• TASK TO COMPLETE: Which lines of the data hold the word "transform"? Copy all of them.

• DATA LISTING:
== == ==

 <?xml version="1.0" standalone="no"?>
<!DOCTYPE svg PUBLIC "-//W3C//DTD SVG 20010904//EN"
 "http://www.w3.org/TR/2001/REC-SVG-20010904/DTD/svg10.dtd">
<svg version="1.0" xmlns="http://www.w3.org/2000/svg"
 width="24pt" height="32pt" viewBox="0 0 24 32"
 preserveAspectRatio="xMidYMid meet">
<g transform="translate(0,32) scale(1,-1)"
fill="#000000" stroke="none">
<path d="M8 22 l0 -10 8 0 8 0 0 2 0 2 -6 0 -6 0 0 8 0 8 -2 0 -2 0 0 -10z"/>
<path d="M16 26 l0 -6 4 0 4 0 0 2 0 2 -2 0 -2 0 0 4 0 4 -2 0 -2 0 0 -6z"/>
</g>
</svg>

== == ==

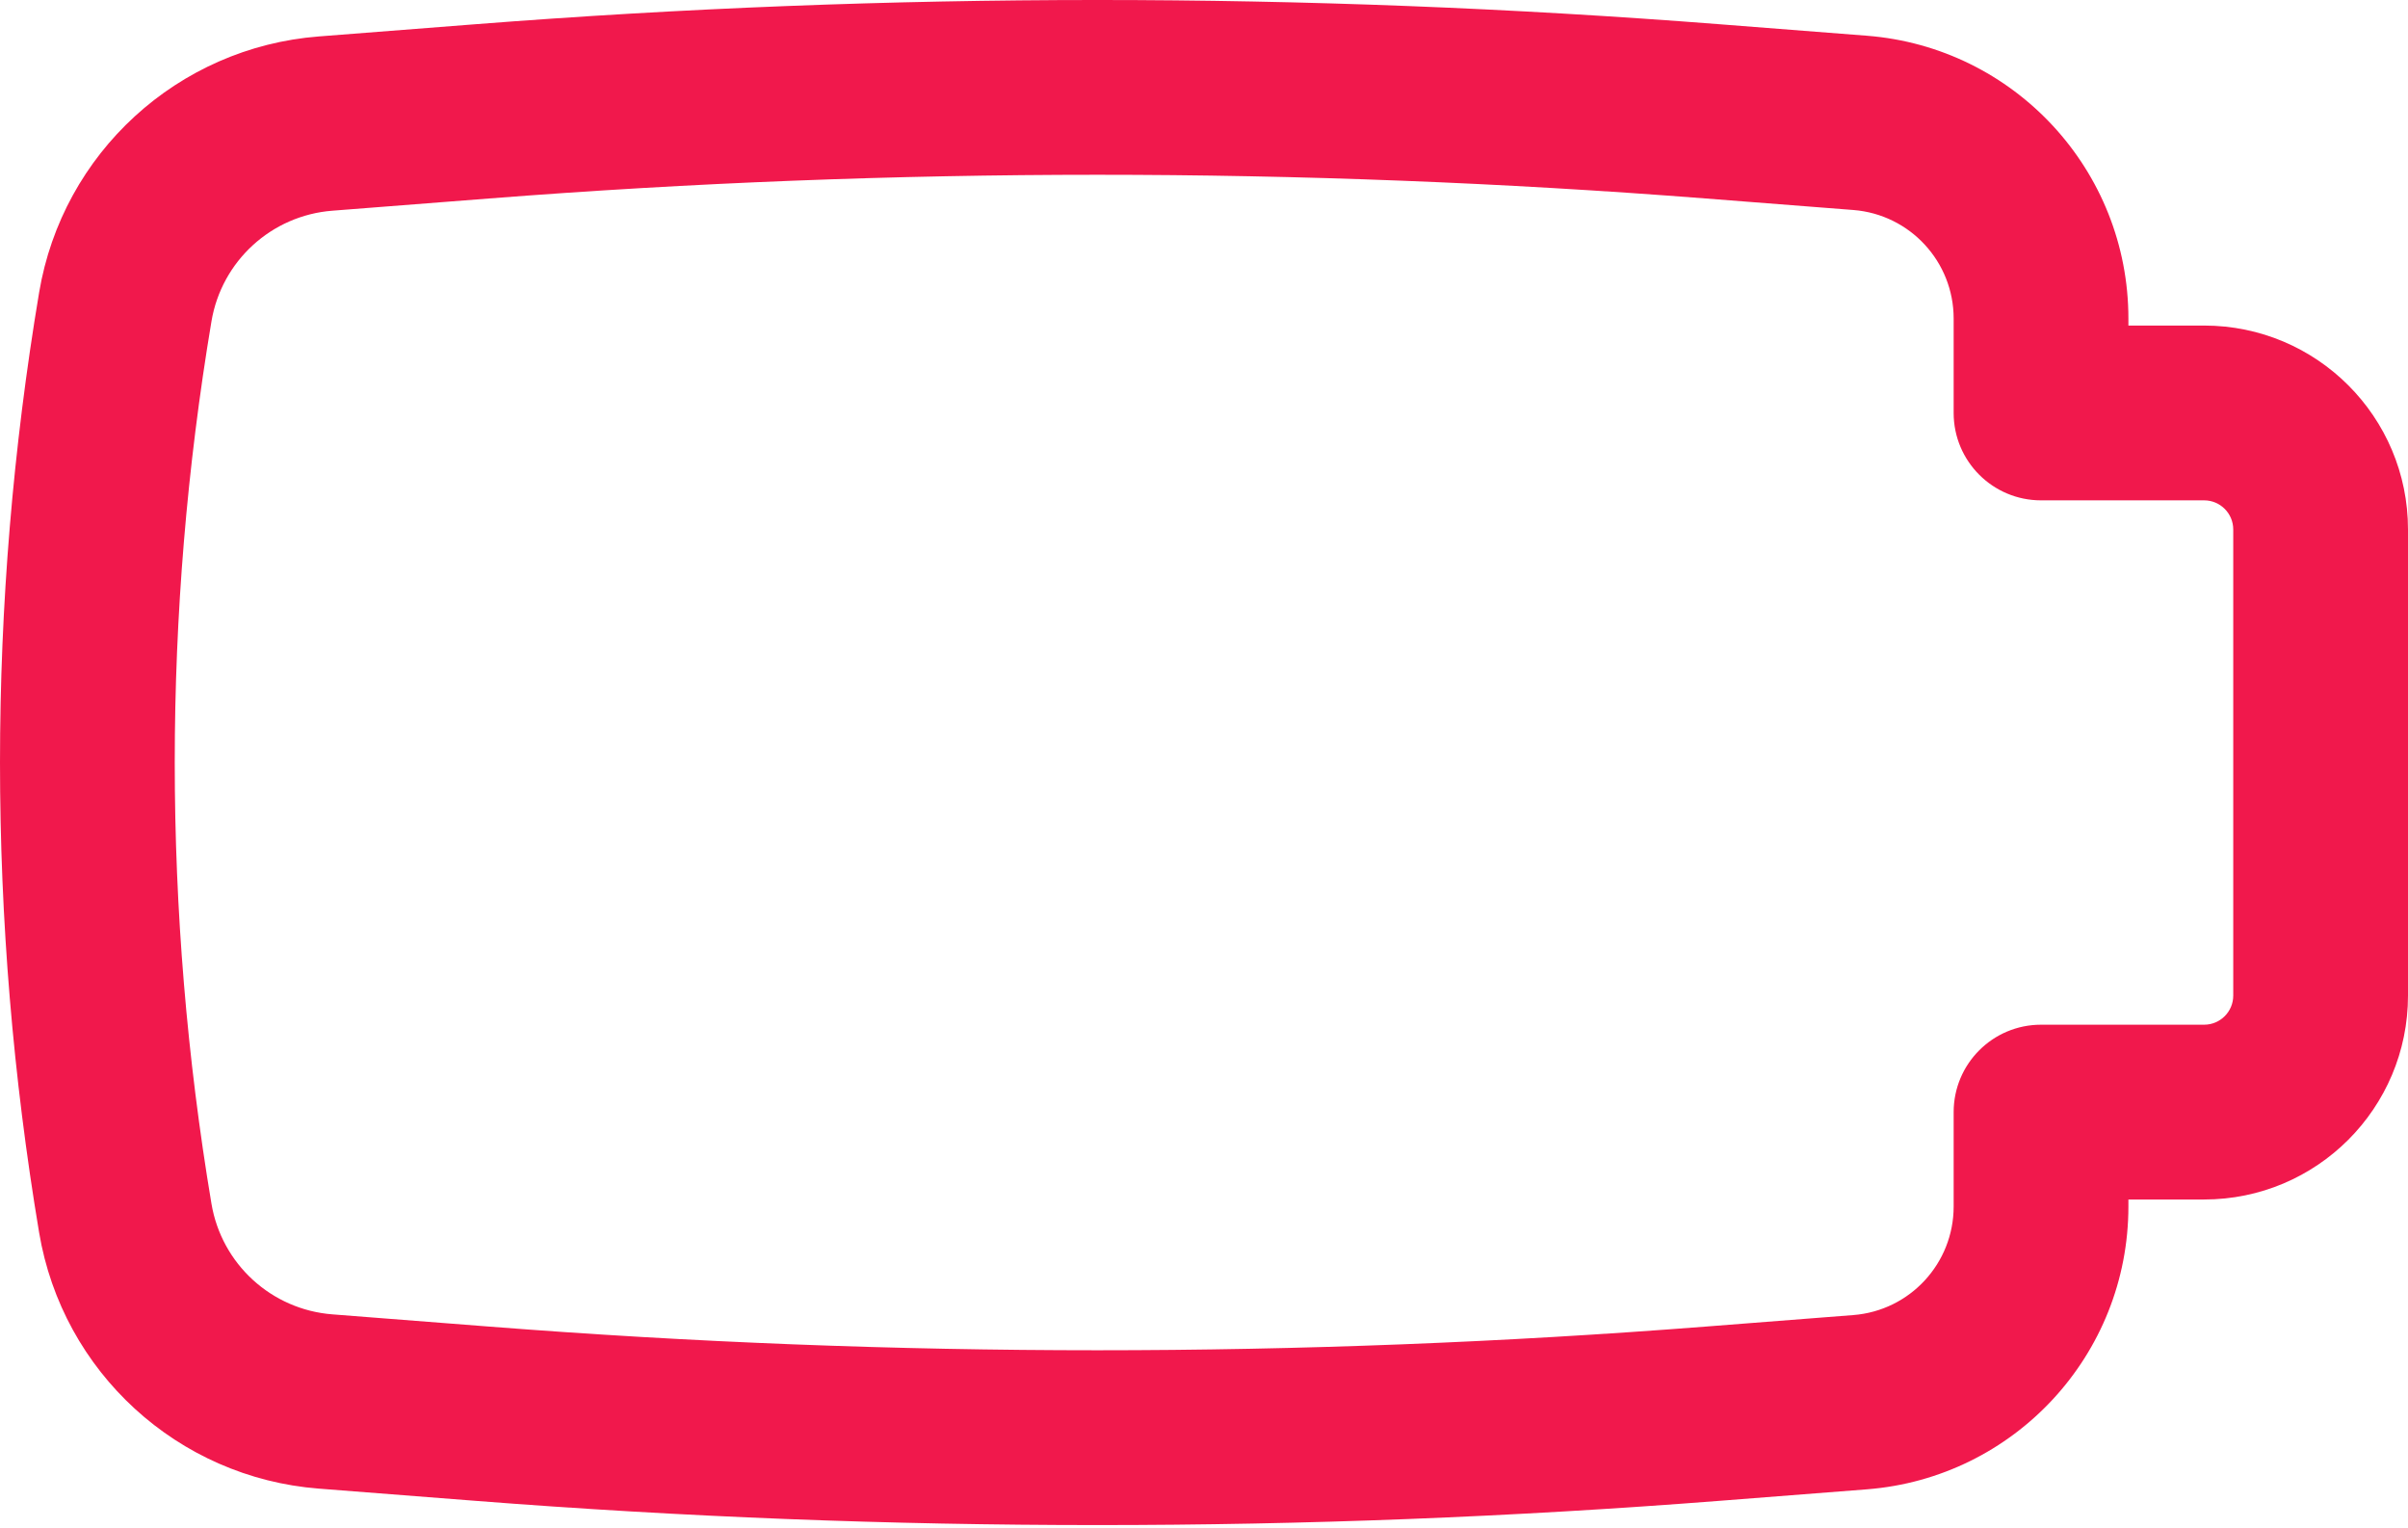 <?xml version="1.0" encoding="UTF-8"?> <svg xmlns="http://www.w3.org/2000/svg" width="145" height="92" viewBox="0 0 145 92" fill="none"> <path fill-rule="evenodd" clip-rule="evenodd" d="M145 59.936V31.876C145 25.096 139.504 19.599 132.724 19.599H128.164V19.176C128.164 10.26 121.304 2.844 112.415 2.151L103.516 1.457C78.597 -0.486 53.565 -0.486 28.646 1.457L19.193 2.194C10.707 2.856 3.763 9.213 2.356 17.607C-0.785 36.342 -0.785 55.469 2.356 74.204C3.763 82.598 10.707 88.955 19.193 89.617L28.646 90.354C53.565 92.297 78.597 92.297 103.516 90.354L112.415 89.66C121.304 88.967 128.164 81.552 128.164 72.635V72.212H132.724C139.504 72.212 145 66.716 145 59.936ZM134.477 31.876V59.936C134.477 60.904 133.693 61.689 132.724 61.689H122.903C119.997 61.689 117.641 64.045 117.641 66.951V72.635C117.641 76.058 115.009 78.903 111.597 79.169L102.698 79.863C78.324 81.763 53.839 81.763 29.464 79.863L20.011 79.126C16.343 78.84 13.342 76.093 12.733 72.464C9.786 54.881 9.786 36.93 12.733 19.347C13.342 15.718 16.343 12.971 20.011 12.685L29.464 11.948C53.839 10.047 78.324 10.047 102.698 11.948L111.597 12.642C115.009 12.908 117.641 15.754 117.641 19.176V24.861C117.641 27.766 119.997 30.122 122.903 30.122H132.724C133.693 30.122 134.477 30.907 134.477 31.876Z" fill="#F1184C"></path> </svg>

== == ==

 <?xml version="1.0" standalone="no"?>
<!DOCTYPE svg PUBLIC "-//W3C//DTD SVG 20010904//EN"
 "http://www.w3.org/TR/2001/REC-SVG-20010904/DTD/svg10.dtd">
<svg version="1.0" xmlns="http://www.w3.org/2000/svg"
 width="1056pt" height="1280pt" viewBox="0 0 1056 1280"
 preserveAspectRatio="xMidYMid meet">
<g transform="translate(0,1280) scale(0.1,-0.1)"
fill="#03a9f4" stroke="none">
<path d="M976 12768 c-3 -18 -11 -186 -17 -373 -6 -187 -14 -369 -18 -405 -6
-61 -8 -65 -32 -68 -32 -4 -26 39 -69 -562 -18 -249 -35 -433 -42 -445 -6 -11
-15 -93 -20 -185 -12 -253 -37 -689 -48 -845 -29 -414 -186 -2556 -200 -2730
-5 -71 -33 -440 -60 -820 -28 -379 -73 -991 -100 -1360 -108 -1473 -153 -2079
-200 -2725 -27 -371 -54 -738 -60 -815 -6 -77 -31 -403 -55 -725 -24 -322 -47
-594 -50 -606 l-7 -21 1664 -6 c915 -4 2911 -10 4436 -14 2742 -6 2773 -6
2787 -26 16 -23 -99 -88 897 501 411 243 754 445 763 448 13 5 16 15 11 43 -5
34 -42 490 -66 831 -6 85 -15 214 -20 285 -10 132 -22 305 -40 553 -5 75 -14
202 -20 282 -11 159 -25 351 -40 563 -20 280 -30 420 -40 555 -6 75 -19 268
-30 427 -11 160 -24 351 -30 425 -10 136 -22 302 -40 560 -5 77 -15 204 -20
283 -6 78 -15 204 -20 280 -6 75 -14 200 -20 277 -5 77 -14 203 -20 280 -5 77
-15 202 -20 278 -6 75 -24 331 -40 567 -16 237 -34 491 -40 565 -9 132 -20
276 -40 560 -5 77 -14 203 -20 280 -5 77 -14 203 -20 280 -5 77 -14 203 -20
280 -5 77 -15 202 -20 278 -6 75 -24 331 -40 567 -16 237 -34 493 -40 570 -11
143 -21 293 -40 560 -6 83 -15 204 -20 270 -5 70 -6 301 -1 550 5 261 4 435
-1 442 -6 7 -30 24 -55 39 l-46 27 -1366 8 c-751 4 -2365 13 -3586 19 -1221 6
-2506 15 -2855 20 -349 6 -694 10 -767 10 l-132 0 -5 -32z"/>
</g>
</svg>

== == ==

• TASK RESULT:
<g transform="translate(0,32) scale(1,-1)"
<g transform="translate(0,1280) scale(0.1,-0.1)"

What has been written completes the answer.